## What the task asks
An exact reproduction of the data below is the required answer.

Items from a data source
==============================

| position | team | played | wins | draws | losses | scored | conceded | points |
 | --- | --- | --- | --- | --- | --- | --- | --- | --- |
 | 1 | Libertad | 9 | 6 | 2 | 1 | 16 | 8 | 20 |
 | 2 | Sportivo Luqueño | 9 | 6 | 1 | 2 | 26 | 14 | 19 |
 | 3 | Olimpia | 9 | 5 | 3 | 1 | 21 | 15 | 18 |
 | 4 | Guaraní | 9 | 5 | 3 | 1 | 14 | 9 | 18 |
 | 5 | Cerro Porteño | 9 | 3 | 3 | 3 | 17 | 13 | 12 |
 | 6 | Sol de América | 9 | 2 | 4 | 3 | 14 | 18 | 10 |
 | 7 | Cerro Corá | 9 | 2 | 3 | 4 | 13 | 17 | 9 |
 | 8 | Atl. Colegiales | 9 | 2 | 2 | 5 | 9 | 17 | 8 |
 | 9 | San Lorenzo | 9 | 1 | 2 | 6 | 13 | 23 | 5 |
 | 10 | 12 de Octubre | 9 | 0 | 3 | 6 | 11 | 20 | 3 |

==============================

## Completed task
| position | team | played | wins | draws | losses | scored | conceded | points |
 | --- | --- | --- | --- | --- | --- | --- | --- | --- |
 | 1 | Libertad | 9 | 6 | 2 | 1 | 16 | 8 | 20 |
 | 2 | Sportivo Luqueño | 9 | 6 | 1 | 2 | 26 | 14 | 19 |
 | 3 | Olimpia | 9 | 5 | 3 | 1 | 21 | 15 | 18 |
 | 4 | Guaraní | 9 | 5 | 3 | 1 | 14 | 9 | 18 |
 | 5 | Cerro Porteño | 9 | 3 | 3 | 3 | 17 | 13 | 12 |
 | 6 | Sol de América | 9 | 2 | 4 | 3 | 14 | 18 | 10 |
 | 7 | Cerro Corá | 9 | 2 | 3 | 4 | 13 | 17 | 9 |
 | 8 | Atl. Colegiales | 9 | 2 | 2 | 5 | 9 | 17 | 8 |
 | 9 | San Lorenzo | 9 | 1 | 2 | 6 | 13 | 23 | 5 |
 | 10 | 12 de Octubre | 9 | 0 | 3 | 6 | 11 | 20 | 3 |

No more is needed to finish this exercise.